Die kleinen Kartoffeln (sehr reichlich bemessen) sauber bürsten und ungeschält hinzugeben, ebenso ungeschälte Knoblauchzehen. Für die Knoblauchmenge gilt die bewährte Regel: Wenn man meint, es sei genug, noch einmal um die gleiche Menge ergänzen. Für Knoblauchfans sind eine oder sogar zwei ganze Knollen pro Person durchaus nicht zuviel. Steht ganz frischer Knoblauch zur Verfügung, verwendet man am besten gleich die ganzen Knollen, nur von ihrer Außenhaut befreit. Etwas betagtere Knoblauchzehen behalten nur ihre innere Hülle. Gibt man Knoblauchzehen geschält dazu, lösen sie sich womöglich zu sehr auf.

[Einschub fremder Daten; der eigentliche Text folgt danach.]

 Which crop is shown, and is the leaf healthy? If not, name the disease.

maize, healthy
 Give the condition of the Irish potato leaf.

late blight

Wer möchte, gibt auch halbierte Tomaten oder Zwiebeln dazu. Absolut notwendig für den Charakter des Gerichtes ist das jedoch nicht.

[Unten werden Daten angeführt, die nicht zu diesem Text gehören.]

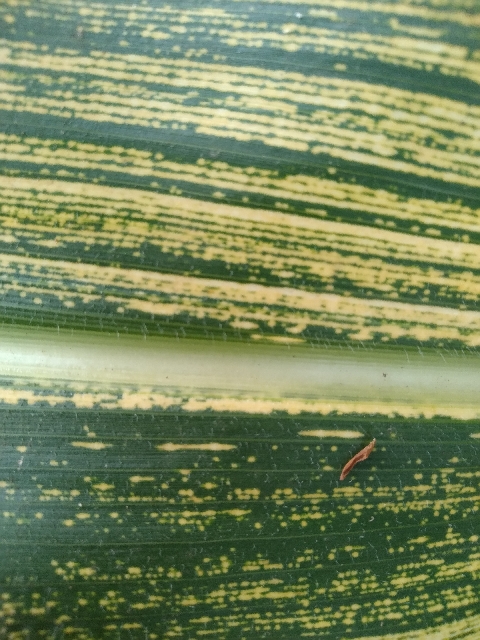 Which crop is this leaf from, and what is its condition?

maize, maize streak virus
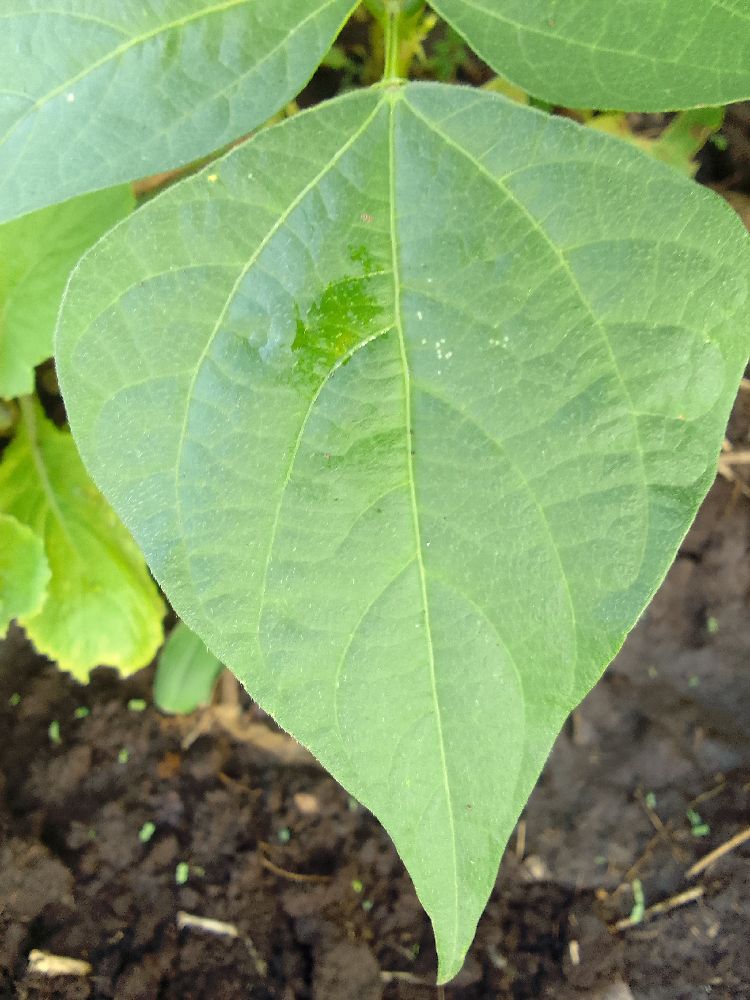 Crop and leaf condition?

common bean, healthy
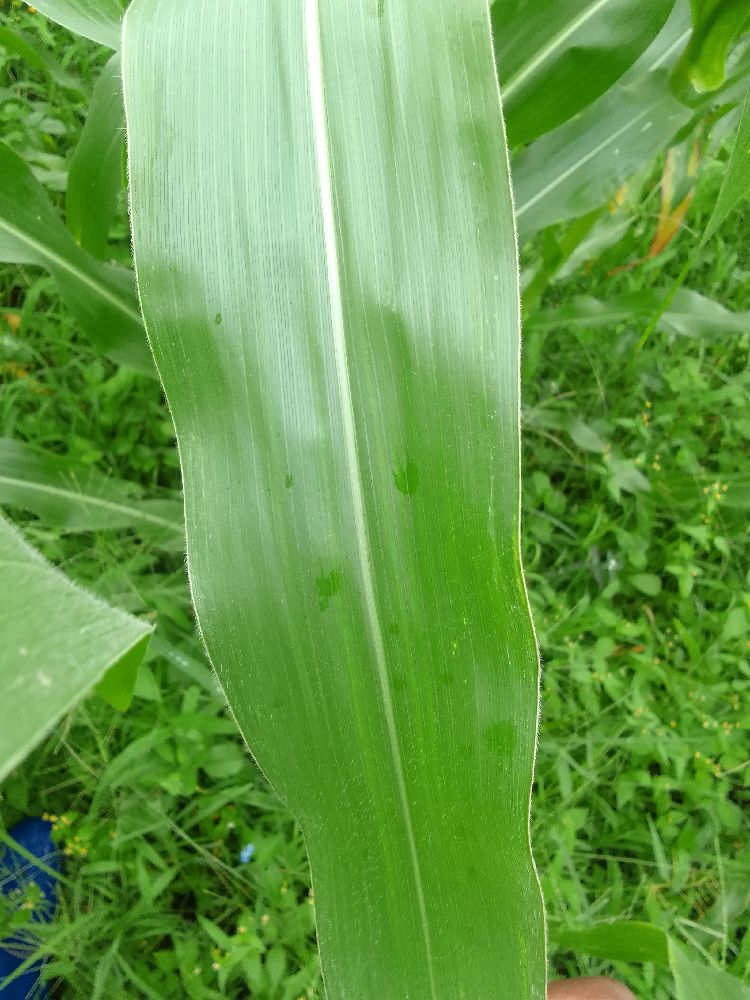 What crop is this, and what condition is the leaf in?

maize, healthy
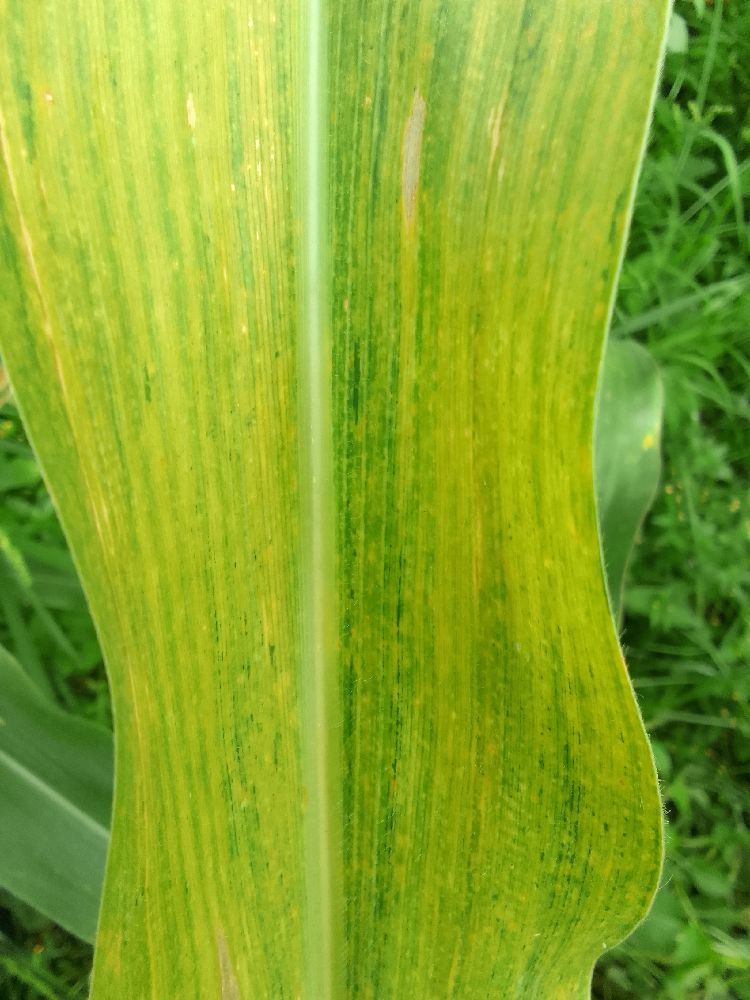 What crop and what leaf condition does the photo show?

maize, maize lethal necrosis

Olivenöl sehr reichlich bemessen

Alles reichlich, wirklich sehr reichlich, mit Chili-Öl oder Olivenöl begießen, mit frischem Rosmarin- und Salbeizweigen, nach Wunsch auch mit Zitronen-Thymian und Chilischoten würzen. Griechisches Huhn vor dem BratenSehr wichtig ist jetzt noch Brühe oder Wasser – je nach Menge der anderen Zutaten etwa ein halber Liter, vermischt mit dem Saft einer Zitrone. Das gießt man einfach auf das Blech zu den übrigen Sachen. Vorsicht: Wird es zuviel Flüssigkeit, kommt der Rest später dazu. Wer Wasser statt Brühe verwendet, muss zusätzlich salzen. Also immer auf den richtigen Flüssigkeitspegel achten! Viel mehr verlangt das Gericht nach seiner Übersiedlung in den Backofen eigentlich nicht.

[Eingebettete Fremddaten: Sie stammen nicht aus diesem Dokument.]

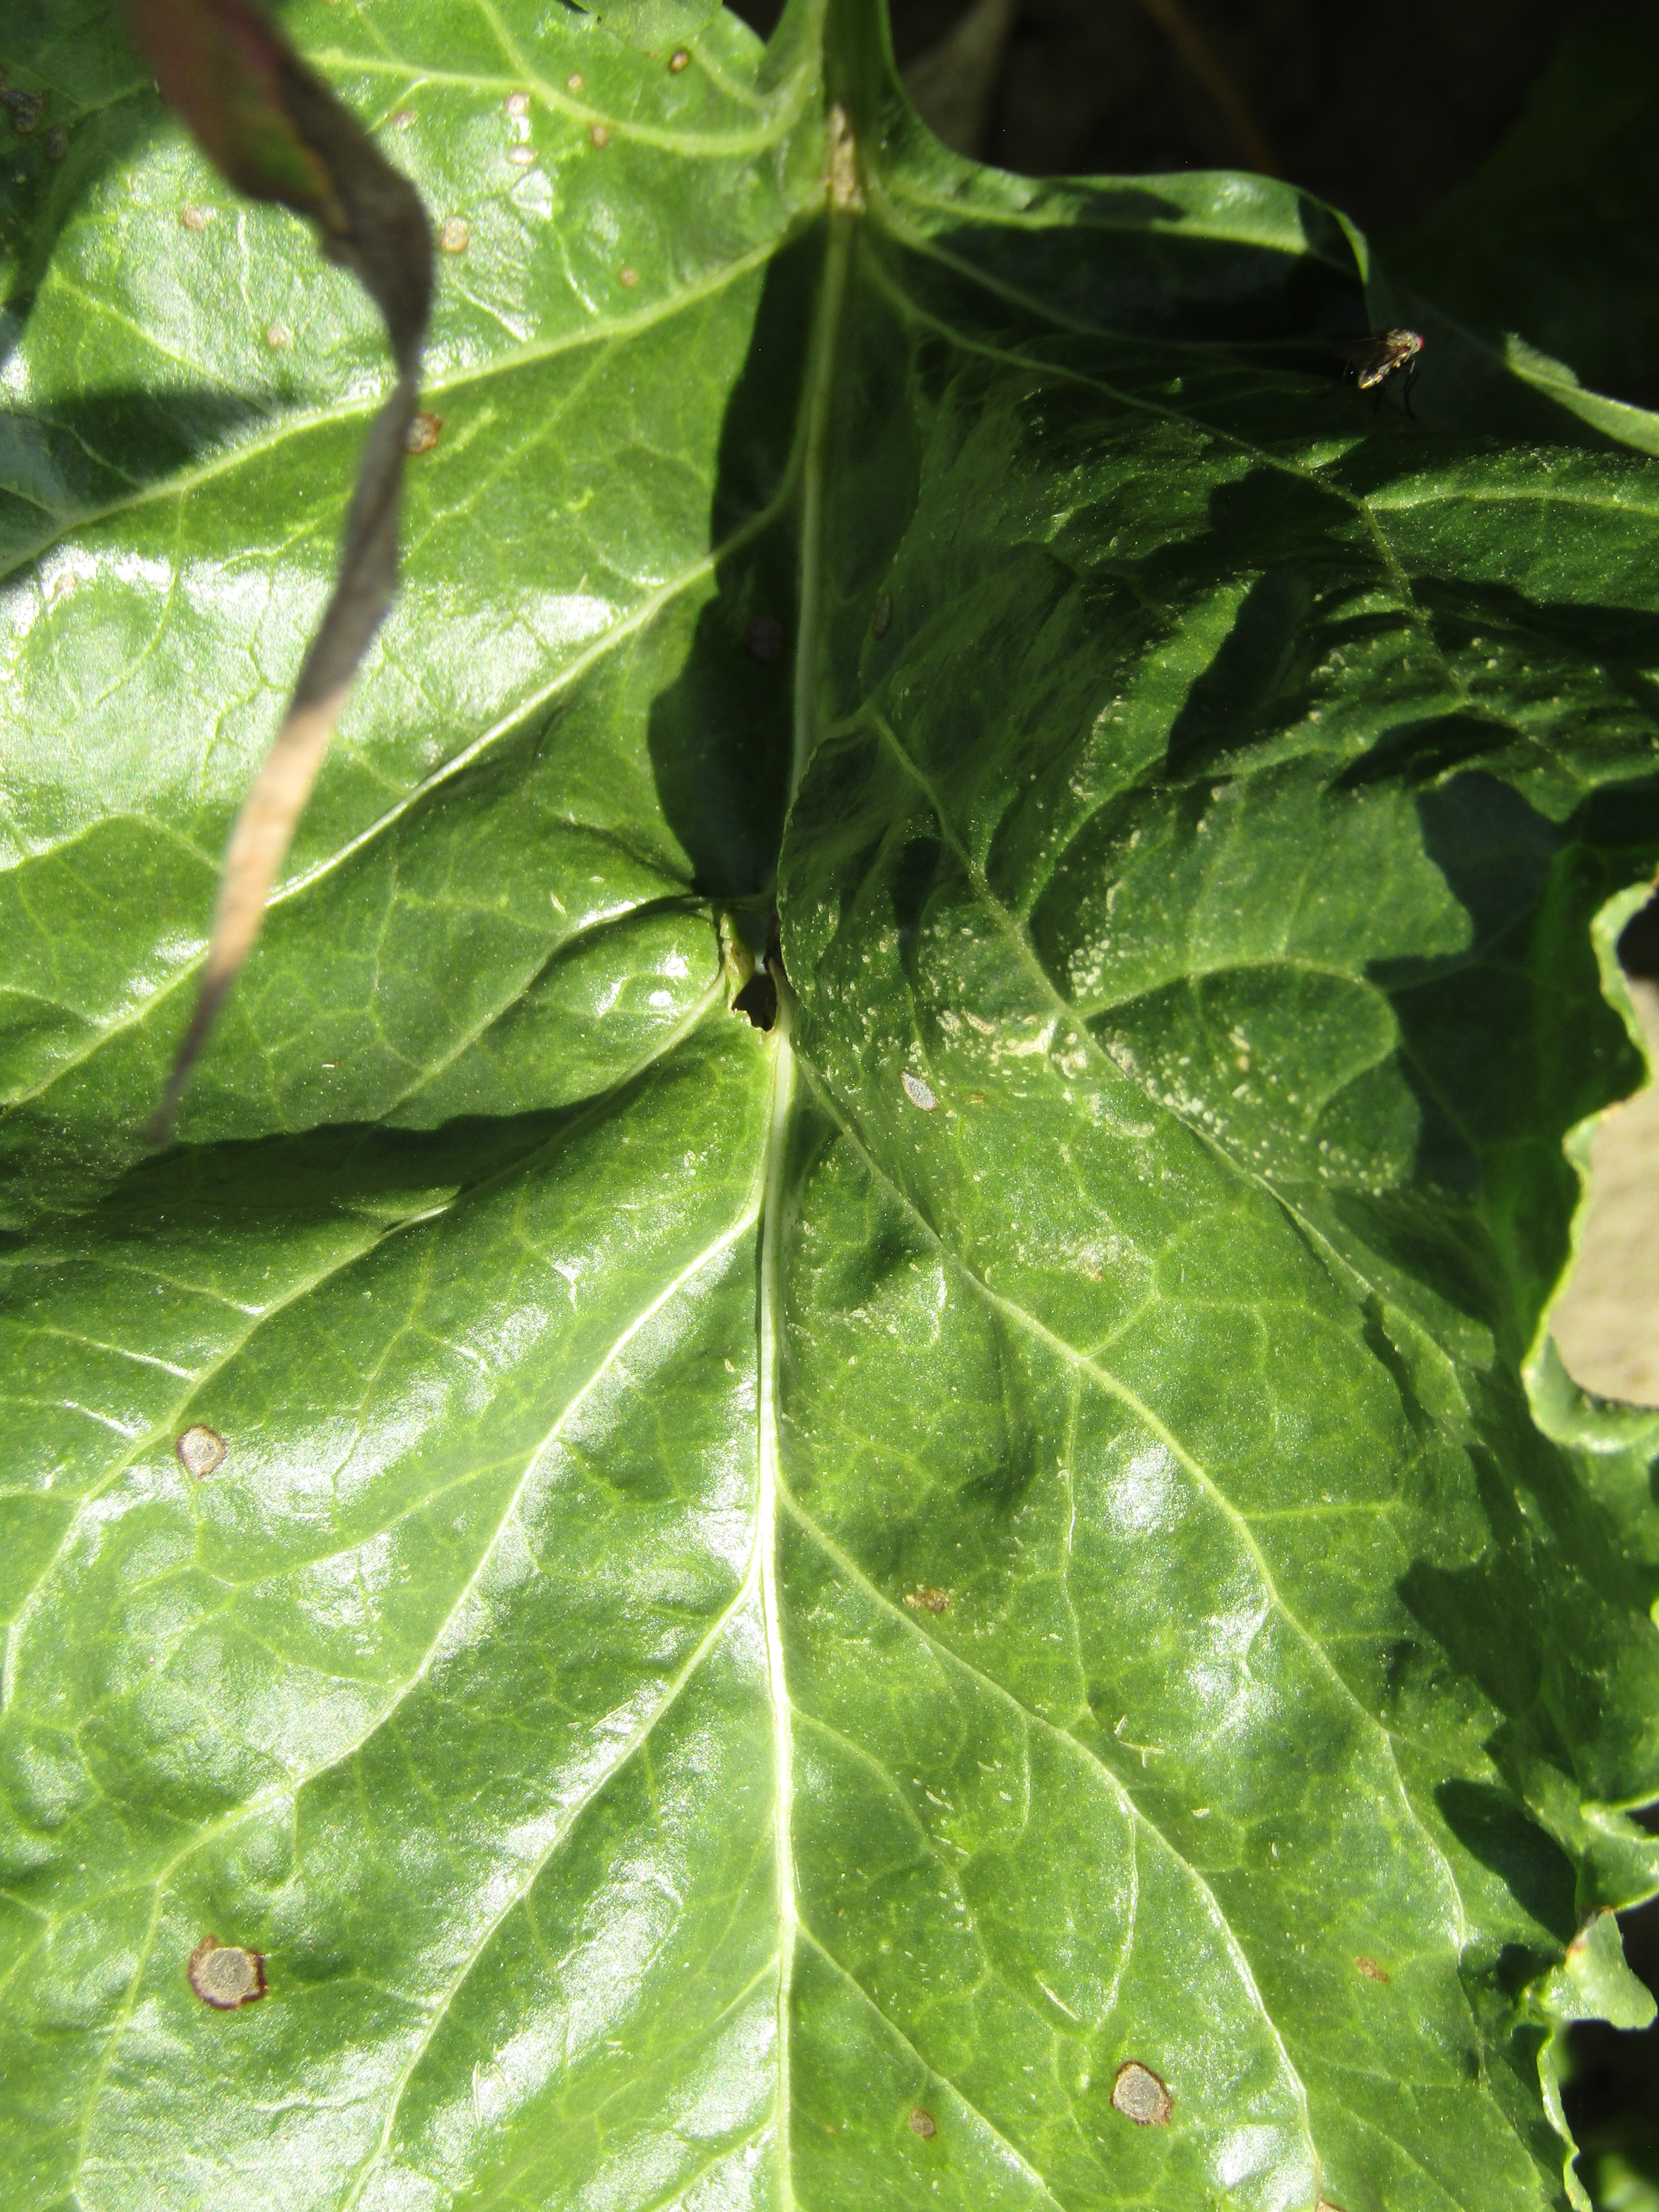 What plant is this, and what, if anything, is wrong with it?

Im vorgeheizten Backofen auf der mittleren Stufe bei hoher Temperatur (ca. 230-250 Grad) 20 bis 30 Minuten anbraten, danach bei mittlerer Temperatur (ca. 170-180 Grad) reichlich 90 Minuten oder etwas länger brutzeln lassen. Wer nur Hähnchenflügel verwendet, verkürzt die Bratzeit. Griechisches Huhn nach dem BratenDie rote Paprika (entkernt, in großen Stücken, Haut nach oben) etwa eine Stunde vor Ende der Bratzeit hinzugeben.

Haben Sie Chili-Öl verwendet, kann beim Probieren zwischendurch der Eindruck nachhaltiger Schärfe aufkommen, aber daraus wird am Ende die begehrte hinterhältig-pikante sanfte Schärfe. Chilifanatiker können sogar noch zusätzlich einige entkernte Schoten ihres bevorzugten Schärfegrades gemeinsam mit dem Paprika hinzugeben. Diese Möglichkeit haben allerdings auch diejenigen, die das Chili-Öl nicht vorher angesetzt haben. Die Chilischoten in diesem Fall gleich zu Beginn der Bratzeit dazugeben. Wer Chili partout nicht mag, kann auch ganz darauf verzichten. Schade wäre es aber schon.

Das Gericht ist fertig, wenn die Flüssigkeit noch nicht vollständig verdampft ist, die Hühnerhaut eine knusprige Konsistenz und eine goldbraune Farbe angenommen hat und die Paprikahaut Blasen schlägt.

Mit und ohne Schale

Die gegarten Kartoffeln schmecken mit der Schale vorzüglich. Der Knoblauch lässt sich mit der Gabel mühelos aus seiner Haut herausdrücken. Besonders delikat ist die Kombination von zerdrückten Kartoffeln mit Knoblauch und der öligen Bratflüssigkeit. Pingelige Menschen dürfen die Paprikastücke enthäuten. Wer möchte, träufelt wie am Mittelmeer einige Tropfen frischen Zitronensaft über das gebratene Geflügel oder ergänzt mit ein wenig Olivenöl bester Qualität.

Übrigens: Keine Angst vor dem vielen Olivenöl! In langen, aufopferungsvollen und ausgiebigen Selbstversuchen haben wir festgestellt, dass dieses Gericht nicht dick macht. Es ist einfach nur unbeschreiblich lecker, aber leider auch in hohem Maße Sucht erzeugend.

Eine Bemerkung zum Schluss: Hier ist es, wie eigentlich immer, sehr schwierig, allgemeingültige Angaben über die notwendige Bratzeit zu machen. Wer ein zartes Hähnchen ausgewählt hat, das sein Leben lang im Käfig der Ruhe pflegen durfte, ist natürlich schneller fertig als derjenige, der einen durchtrainierten Mistkratzer und Hofrenner erstanden hat.

Variationen

  • Das Gericht findet man mit immer neuen Abwandlungen rings ums Mittelmeer. Experimentieren Sie also mit allem, was Ihnen zu der Region einfällt oder im Urlaub so ganz besonders gut geschmeckt hat. Versuchen Sie es nur mit Rosmarin oder nur mit Salbei – das ist jedes auf seine Art sehr delikat. Thymian allein finde ich allerdings nicht so überzeugend.

  • Ein ganz eigenständiges Gericht entsteht, wenn man statt Kartoffeln griechische Reispasta verwendet. Hier bitte reichlich Tomaten und Zwiebeln verwenden und auf genügend Flüssigkeit zum Ausquellen der Pasta achten.